Teen’s Constitutional Rights Not Violated by Excluding Her from Custody Hearing
A trial court did not violate a teenager’s due-process rights or abuse its discretion when it excluded her from a custody hearing in a divorce case, especially after considering whether attending the hearing was in her best interest, the Ohio Supreme Court ruled today.
The Supreme Court’s 5-2 decision affirms the judgment of the Sixth District Court of Appeals, which held that the trial court had discretion to exclude the teen, a nonparty, from a hearing in custody litigation ancillary to her parents’ divorce. Chief Justice Maureen O’Connor wrote the majority opinion.
Other elements of the Supreme Court’s ruling include:
- Clarifying that when a domestic-relations court certifies an ongoing custody case to a juvenile court under R.C. 3109.04(D)(2), matters related to the original divorce-custody case continue to be domestic-relations matters, governed only by R.C. 3109.04.
- Noting that a child is not a proper party in a divorce action or its ancillary custody proceedings, even if she is joined as a party defendant pursuant to Civ.R. 75(B)(2).
- Recognizing that although not a party to the action, a child who is the subject of custody litigation arising from a divorce has an interest in the matter.
The parents of the teen, identified in this case by her initials, A.G., divorced in 2001, when A.G. was 5 years old. During the years leading up to and following the divorce, her parents battled over custody of their daughter. Each parent has at different times had custody of A.G., and both took her out of state to avoid custody orders.
In September 2009, A.G.’s father sought unsupervised visitation with his daughter from the juvenile court.

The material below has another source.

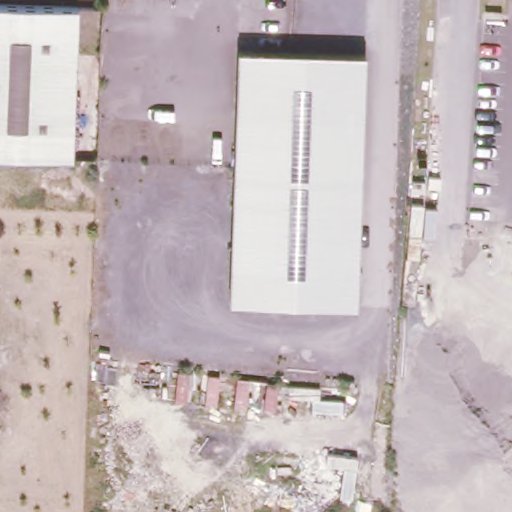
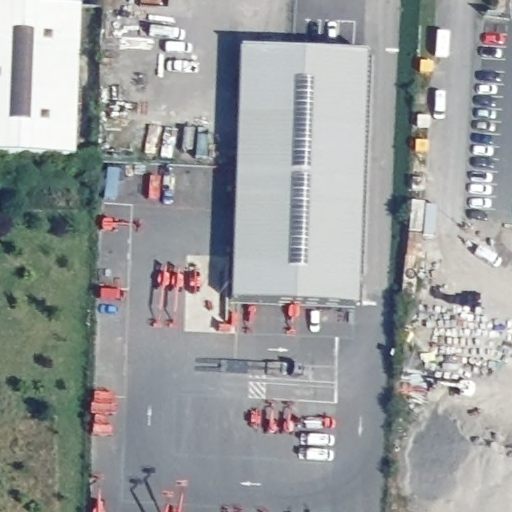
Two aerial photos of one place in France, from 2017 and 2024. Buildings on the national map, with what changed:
unchanged [(74,14),(67,162),(0,159),(0,9),(74,14)]
unchanged [(235,54),(363,58),(353,307),(227,303),(235,54)]

A.G. countered with a motion to end all visitations with her father. She also asked the court to allow her to attend the proceedings. The trial court denied both of A.G.’s requests and granted unsupervised visitation to the father. On appeal, the Sixth District Court of Appeals ruled that the trial court did not err in excluding A.G. from the proceedings. It also rejected A.G.’s claim that the trial court violated her due-process rights. A.G. appealed to the Supreme Court, which agreed to hear the case.

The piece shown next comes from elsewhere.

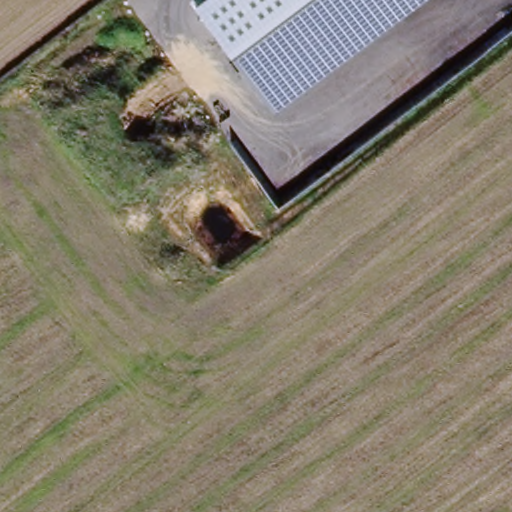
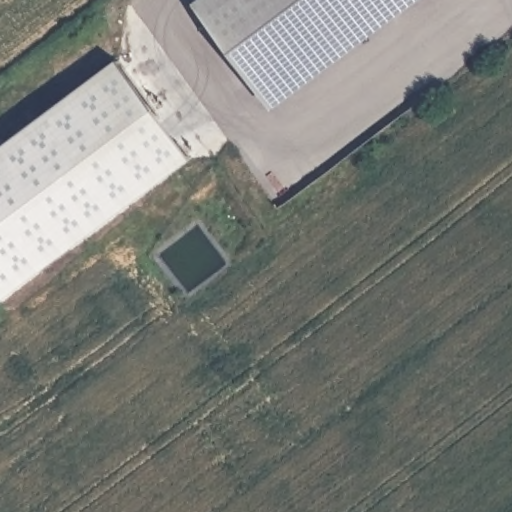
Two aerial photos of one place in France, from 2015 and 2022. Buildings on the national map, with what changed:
unchanged [(200,0),(419,0),(274,109),(193,6),(200,0)]
new [(193,158),(0,301),(0,148),(118,60),(193,158)]

In today’s opinion, Chief Justice O’Connor explained that when the Henry County Domestic Relations Court certified the case to the Henry County Juvenile Court it “relinquished its jurisdiction to the juvenile court and transferred the exclusive power to hear the case to it.”
And even when the case was transferred to Ottawa County, the transfer of power remained because “the Ottawa County Juvenile Court was, in turn, clothed with the jurisdiction of the Henry County Domestic Relations Court,” Chief Justice O’Connor wrote.
“Therefore, in deciding a custody issue in a domestic-relations court’s stead, a juvenile court is also required to comply with R.C. 3109.04.”
As to whether A.G. was a proper party to the hearing, Chief Justice O’Connor noted that a court’s jurisdiction in divorce cases is limited by statute and only parents have the statutory authority to invoke the jurisdiction of a domestic-relations court to modify its prior custody decree issued under R.C. 3109.04(A)(1).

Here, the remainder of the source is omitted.